Copyright (c) The New York Times Company [July 8, 2018]
Review by Booklist Review

Journalist Smith, a contributor to Esquire and Tucson Weekly, expounds on the sneaker as a cultural, economic, and political symbol in modern history. Tracing the journey and evolution of the sneaker with a multidisciplinary approach that encompasses sports, business, and fashion, Smith illustrates how the sneaker rose to its sensational commodity status today. He covers familiar brands and stars Nike, Adidas, Michael Jordan and writes in detail about the business practices and subcultures that revolve around the product. No background (or interest, even) in footwear is required to enjoy this entertaining read. Smith's extensive and eclectic research calls on podcasts, Sports Illustrated archives, and interviews with key players. Readers of sports history, popular culture, and business will be fascinated by Smith's exciting, informative, and multifaceted narrative of the major roles the sneaker has played in U.S. branding, perceptions, and culture.--Pun, Raymond Copyright 2018 Booklist

From Booklist, Copyright (c) American Library Association. Used with permission.
Review by Library Journal Review

Journalist Smith examines the history of sneakers in the United States, from the invention of vulcanized rubber by Charles Goodyear to modern-day designer models. As organized sports and leisure activities gained in popularity in the early 20th -century, sneakers became the shoes of choice for athletes. Smith recounts the origins of several shoe companies, including how the acrimonious split of the Dassler family business led to the formation of Adidas and Puma. Nike arose from coach Bill Bowerman's continuous redesign of shoes for his University of Oregon track team. Vans focused on the then-niche skateboarding market, while Reebok designed shoes for women during the 1980s aerobic fitness movement. Smith illustrates how athletes, such as Chuck Taylor and Michael Jordan, have been a driving force in marketing and best sellers. Beyond sports, Smith notes how sneaker fashion has become embedded in American culture, specifically highlighting its role in hip-hop style. The conclusion briefly addresses problematic areas of the industry, including sweatshop labor. VERDICT An entertaining and casual read blending pop culture and sports, though the treatment of sweatshop conditions could have been more thorough.-Chris Wilkes, -Tazewell Cty. P.L., VA © Copyright 2018. Library Journals LLC, a wholly owned subsidiary of Media Source, Inc. No redistribution permitted.

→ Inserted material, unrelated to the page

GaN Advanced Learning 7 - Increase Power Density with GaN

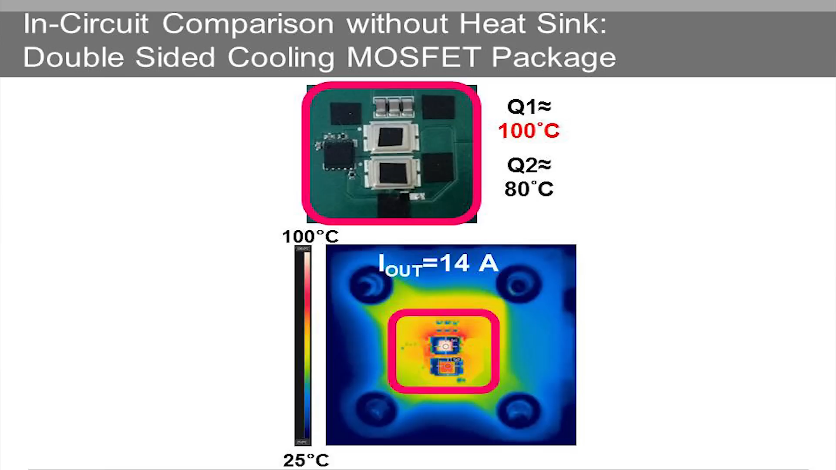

(c) Copyright Library Journals LLC, a wholly owned subsidiary of Media Source, Inc. No redistribution permitted.
Review by Kirkus Book Review

In his first book, journalist Smith follows his fascination, sprinting through the evolution of the planet's hippest, most popular footwear, a history that goes way beyond sports and into the streets of the youth culture.The tale begins with inventor Charles Goodyear, whose innovations and patents on rubber laid the basis for all things sneaker to come. Combine these innovations with a demand for sports footwear, and an industry was born. From the expansion of soccer and rugby, men's and women's tennis, the rebirth of the Olympic games, and the 1891 invention of basketball, the turn-of-the-20th-century sports explosion created an increasing proliferation of athletesalong with thousands of feet needing protection. As the author demonstrates, with the professionalization of sports through the coming decades and events like the 1960s creation of jogging as a pastime, the demand for sneakers continued to growand it hasn't lost any momentum in the new millennium. The demand for sneakers today often boils down to status ("some people will wait in line for days to get kicks no one else has") rather than utility, and Smith details how ingenious media campaigns such as Spike Lee's Mars Blackmon/Michael Jordan ads spawned an all-new fashion boom beginning in 1988, with Nike selling millions of pairs of Air Jordan sneakers for their creative efforts. Today, with sneakers dominating the streets on the feet of the youth, the author explains that this universal footwear has become the latest symbol of globalization. With that symbolism, new controversies abound. Aside from sneaker manufacturers still battling to overcome stigmas of sweatshop conditions and poverty wages, they walk a fine line in marketing their wares as the popularity of gangster fashion grows in the street culture.A cornucopia of factoids and fun asides bursting with a wealth of in-depth information on every aspect of sneakers, from their birth to their current and continuing explosive popularity. Copyright Kirkus Reviews, used with permission.

Copyright (c) Kirkus Reviews, used with permission.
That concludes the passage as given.